Ralph Nordstrom is an award-winning fine art landscape photographer and educator. He lives in Southern California and leads photography workshops throughout the Western United States.

4 thoughts on “Ansel Adams – The Making of 40 Photographs: Lodgepole Pines”

  1. This picture was taken with soft focus lens and that is why it lacks the crispness of his most other works. Its not (or not only) because he was an amateur.
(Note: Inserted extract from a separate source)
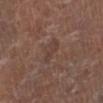This lesion was catalogued during total-body skin photography and was not selected for biopsy. Longest diameter approximately 3.5 mm. Automated tile analysis of the lesion measured an area of roughly 4.5 mm², an eccentricity of roughly 0.95, and two-axis asymmetry of about 0.25. It also reported an average lesion color of about L≈39 a*≈17 b*≈23 (CIELAB) and about 5 CIELAB-L* units darker than the surrounding skin. The software also gave a border-irregularity index near 3.5/10 and a color-variation rating of about 1/10. And it measured a lesion-detection confidence of about 100/100. This is a white-light tile. From the left lower leg. The subject is a male approximately 75 years of age. Cropped from a whole-body photographic skin survey; the tile spans about 15 mm.

    1. Thanks for your comment, Andrzej. Many of the great early photographers adopted the Pictorialist method with the intent to make photographs that looked like paintings. That was their way of claiming photography was art which was hotly contested in those early days. Stieglitz did this, so did Steichen, Cunningham and others including Adams. It was in 1925 that Adams rejected pictorialism and its soft focus, and moved towards ‘straight’ photography which contended that if photography was to be accepted as art, it had to do so on its own strengths and weaknesses and not by imitating other art forms. Adam’s emphasis was on sharpness which later became one of the key parts of the manifesto of the Group f/64. This photograph is one of Adams’ pictorialist images. I wish there were more.

  2. Nice article, Ralph. It’s important to realize artists have a certain trajectory and go through various phases. Later on, after a substantial body of work has been created, you can start seeing clear themes in their work.

    1. Hey Robert, good to hear from you.

      Yes, I agree. It’s been over six years that I first started thinking about personal style and I’m just now getting a handle on what mine is. And that was what impressed me about “Lodgepole Pines,” that even the great Ansel Adams went through a period of exploration. I think that’s an exciting period where you’re free to try anything and do. Now my work is more focused or maybe I have a better idea of what I like and don’t like. We grow.

      The other aspect of this growth that I’m finding very interesting goes beyond personal style and identifying what you want to say through your art. Art is communication and more and more I’m starting to get a sense of what I want the finished photograph to say at the time I’m pressing the shutter.

      It’s all one marvelous journey of self-discovery.